China’s Demographic Crisis Is Here, and Women Are Feeling the Heat

The Chinese government’s efforts to boost the birthrate put intense pressure on women to marry, stay married, and give birth.

By Shannon Tiezzi

The results of China’s once-a-decade census, released in early May, showed that the country’s population grew at its slowest pace since the PRC’s founding in 1949. From 2010 to 2020, China’s population increased just 5.38 percent, reaching 1.41 billion. That’s compared to 5.84 percent growth from 2000 to 2010, and 11.7 percent growth from 1990 to 2000. The declining birthrate in China is partly a natural consequence of increased incomes, a phenomenon seen around the world. But it’s also partly artificial, the result of Beijing’s previous population control efforts (most notably, the infamous “one child policy”).

As one of the knock-on effects of the slow-moving crisis, the census found that Chinese aged 15-59 (effectively working age) made up 63.35 percent of the population, a 6.8 percentage point drop from the 2010 census. Meanwhile, adults aged 65 and older now account for 13.50 percent of all Chinese, up by 5.44 points. In other words, there are fewer workers to support more and more elderly retirees. As the official press release of the census results dryly noted, “the further aging of the population imposes continued pressure on the long-term balanced development of the population in the coming period.”

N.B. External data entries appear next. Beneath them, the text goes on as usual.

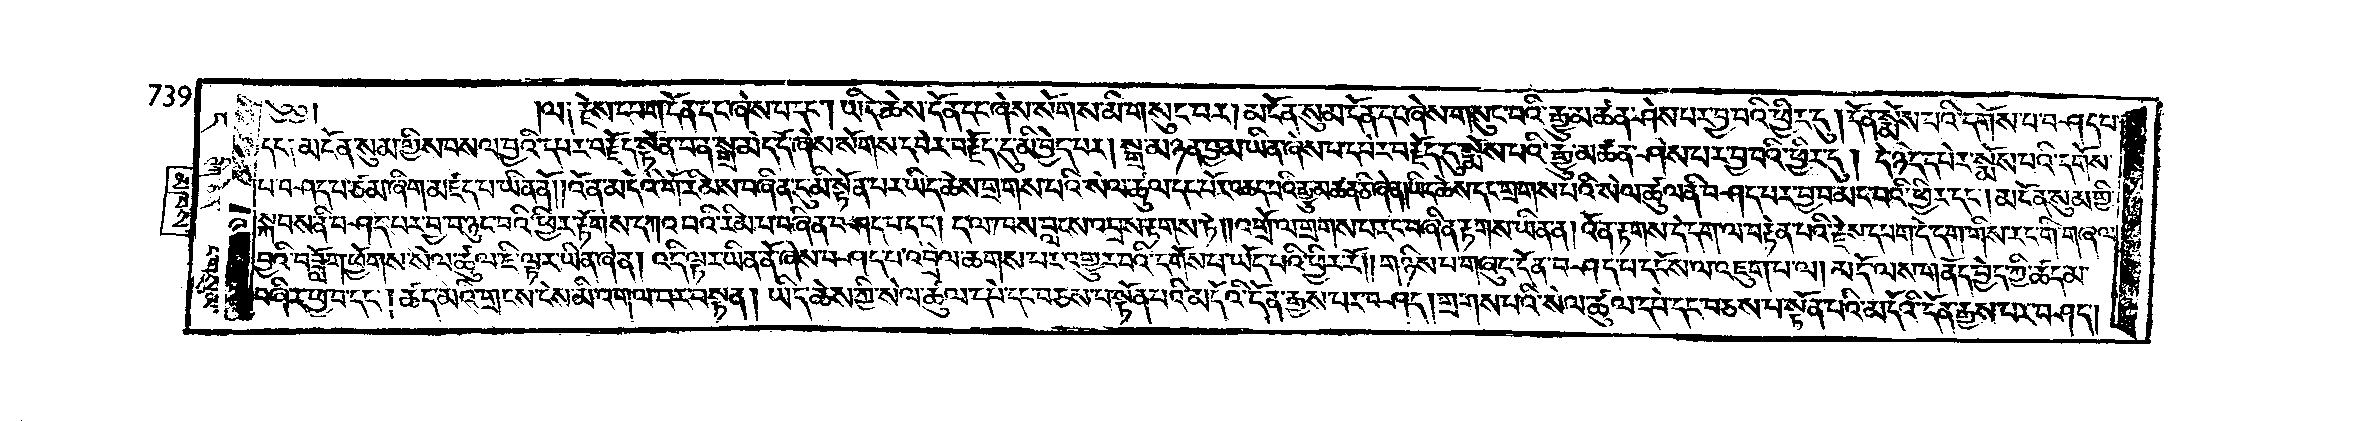༄༅། །ལ། རྗེས་དཔག་དོན་དང་ཞེས་པ་དང་། ཡིད་ཆེས་དོན་དང་ཞེས་སོགས་མི་གསུང་བར། མངོན་སུམ་དོན་དང་ཞེས་གསུང་བའི་རྒྱུ་མཚན་ཤེས་པར་བྱ་བའི་ཕྱིར་དུ། དོན་སྨོས་པའི་དགོས་པ་བཤད་པ་
དང་། མངོན་སུམ་གྱིས་བསལ་བྱའི་དཔེར་བརྗོད་སྟོན་པ་ན་སྒྲ་མེད་དོ་ཞེས་སོགས་དཔེར་བརྗོད་དུ་མི་བྱེད་པར། སྒྲ་མཉན་བྱ་མ་ཡིན་ཞེས་པ་དཔེར་བརྗོད་དུ་སྨོས་པའི་རྒྱུ་མཚན་ཤེས་པར་བྱ་བའི་ཕྱིར་དུ། དེ་ཉིད་དཔེར་སྨོས་པའི་དགོས་
པ་བཤད་པ་ཙམ་ཞིག་མཛད་པ་ཡིན་ནོ། །འོ་ན་མདོའི་གོ་རིམས་བཞིན་དུ་མི་སྟོན་པར་ཡིད་ཆེས་གྲགས་པའི་སེལ་ཚུལ་དང་པོར་འཆད་པའི་རྒྱུ་མཚན་ཅི་ཞེ་ན། །ཡིད་ཆེས་དང་གྲགས་པའི་སེལ་ཚུལ་ནི་བཤད་པར་བྱ་བ་མང་པའི་ཕྱིར་དང་། མངོན་སུམ་གྱི་
སྐབས་ནི་བཤད་པར་བྱ་བ་ཉུང་བའི་ཕྱིར་རྟོགས་དཀའ་བའི་རིམ་པ་བཞིན་བཤད་པ་དང་། དེ་ལ་ཁས་བླངས་འབྲས་རྟགས་ཏེ། །འགྲོ་ལ་གྲགས་པ་རང་བཞིན་རྟགས་ཡིན་ན། འོ་ན་རྟགས་དེ་དག་ལ་བརྟེན་པའི་རྗེས་དཔག་དེ་དག་གིས་རང་གི་གཞལ་
བྱའི་བཟློག་ཕྱོགས་སེལ་ཚུལ་ཇི་ལྟར་ཡིན་ཞེ་ན། འདི་ལྟར་ཡིན་ནོ་ཞེས་བཤད་པ་འབྲེལ་ཆགས་པར་འགྱུར་བའི་དགོས་པ་ཡོད་པའི་ཕྱིར་རོ། །གཉིས་པ་གཞུང་དོན་བཤད་པ་དངོས་ལ་འཇུག་པ་ལ། མདོ་ལས་གནོད་བྱེད་ཀྱི་ཚད་མ་
བཞིར་ཕྱེ་བ་དང་། ཚད་མའི་གྲངས་ངེས་མི་འགལ་བར་བསྟན། ཡིད་ཆེས་ཀྱི་སེལ་ཚུལ་དཔེ་དང་བཅས་པ་སྟོན་པའི་མདོའི་དོན་རྒྱས་པར་བཤད། གྲགས་པའི་སེལ་ཚུལ་དཔེ་དང་བཅས་པ་སྟོན་པའི་མདོའི་དོན་རྒྱས་པར་བཤད།

The combination of a huge number of aging Chinese with dwindling births threatens a demographic crisis – particularly as China, unlike the United States, has little experience or interest in welcoming immigrants to ease the demographic burdens of a low birthrate. “Aging has become a basic national condition of China for a period of time to come,” Ning Jizhe, the commissioner of China’s National Bureau of Statistics, said at the press conference announcing the census results.

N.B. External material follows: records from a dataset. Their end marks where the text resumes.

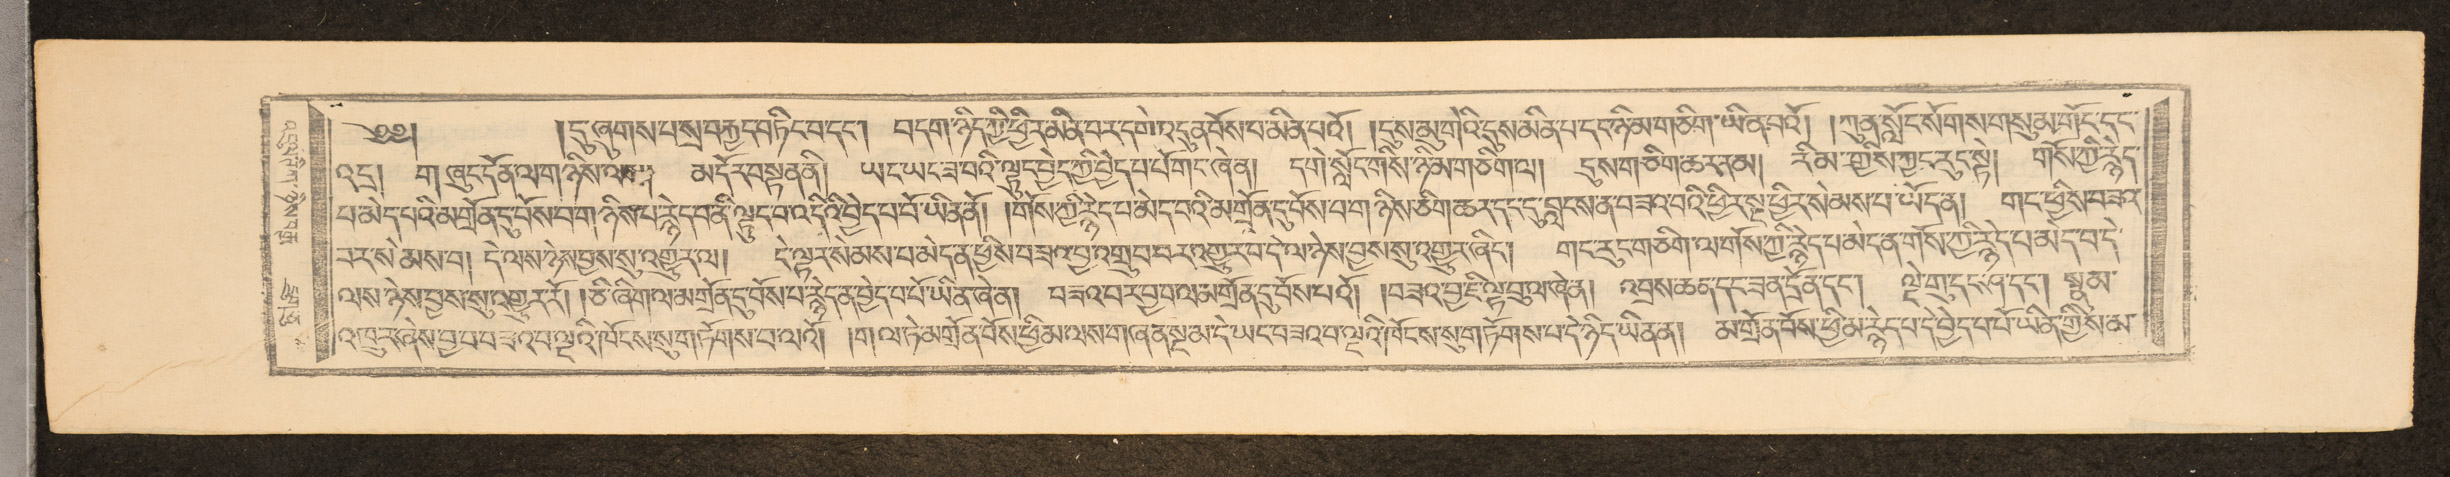༄༅། །དུ་ཞུགས་པ་སྲ་བརྐྱང་བཏིང་བ་དང་། བདག་ཉིད་ཀྱི་ཕྱིར་མིན་པར་དགེ་འདུན་བོས་པ་མིན་པའོ། །དུས་མུ་གེའི་དུས་མིན་པ་དང་ཉི་མ་གཅིག་ཡིན་པའོ། །ཀུན་སློང་སོགས་གསུམ་གོང་དང་
འདྲ། གཞུང་དོན་ལ་གཉིས་ལས། མདོར་བསྟན་ནི། ཡང་ཡང་ཟ་བའི་ལྟུང་བྱེད་ཀྱི་བྱེད་པ་པོ་གང་ཞེ་ན། དགེ་སློང་གིས་ཉི་མ་གཅིག་ལ། དུས་གཅིག་ཆར་རམ། རིས་གྱིས་ཀྱང་རུང་སྟེ། གོས་ཀྱི་རྙེད་
པ་མེད་པའི་མགྲོན་དུ་བོས་པ་གཉིས་པ་རྙེད་པ་ནི་ལྟུང་བ་འདིའི་བྱེད་པ་པོ་ཡིན་ནོ། །གོས་ཀྱི་རྙེད་པ་མེད་པའི་མགྲོན་དུ་བོས་པ་གཉིས་ཅིག་ཆར་དང་དུ་བླངས་ན་བཟའ་བའི་ཕྱིར་སྔ་ཕྱིར་སེམས་པ་ཡོད་ན། གང་ཕྱིས་བཟའ་
བར་སེམས་པ། དེ་ལས་ཉེས་བྱས་སུ་འགྱུར་ལ། དེ་ལྟར་སེམས་པ་མེད་ན་ཕྱིས་བཟའ་བྱ་འགྲུབ་པར་འགྱུར་བ་དེ་ལ་ཉེས་བྱས་སུ་འགྱུར་ཞིང་། གང་རུང་གཅིག་ལ་གོས་ཀྱི་རྙེད་པ་མེད་ན་གོས་ཀྱི་རྙེད་པ་མེད་པ་དེ་
ལས་ཉེས་བྱས་སུ་འགྱུར་རོ། །ཅི་ཞིག་ལ་མགྲོན་དུ་བོས་པ་རྙེད་ན་བྱེད་པ་པོ་ཡིན་ཞེ་ན། བཟའ་བར་བྱ་བ་ལ་མགྲོན་དུ་བོས་པའོ། །བཟའ་བྱ་ཇི་ལྟ་བུ་ལ་ཞེ་ན། འབྲས་ཆན་དང་ཟན་དྲོན་དང་། ལྡེ་གུ་དང་ཤ་དང་། སྣུམ་
འཁུར་ཞེས་བྱ་བ་བཟའ་བ་ལྔའི་ཁོངས་སུ་གཏོགས་པ་ལའོ། །གལ་ཏེ་མགྲོན་བོས་ཕྱི་མ་ལས་གཞན་སྔ་མ་དེ་ཡང་བཟའ་བ་ལྔའི་ཁོངས་སུ་གཏོགས་པ་དེ་ཉིད་ཡིན་ན། མགྲོན་བོས་ཕྱི་མ་རྙེད་པ་དེ་བྱེད་པ་པོ་ཡིན་གྱི། མ་

Efforts to boost the fertility rate by replacing the one child policy with a two-child limit have not had the desired effect. After a modest increase in 2016, when China first relaxed the one child policy, the birthrate has fallen every year. The country’s fertility rate stood at just 1.3 children per woman last year – well shy of the target of 1.8 set in 2016 for 2020 (for reference, a rate of 2.1 children per woman is needed for the population size to remain stable). The data for last year defied the wishful thinking of some analysts that forced lockdowns during COVID-19 would encourage a baby boom.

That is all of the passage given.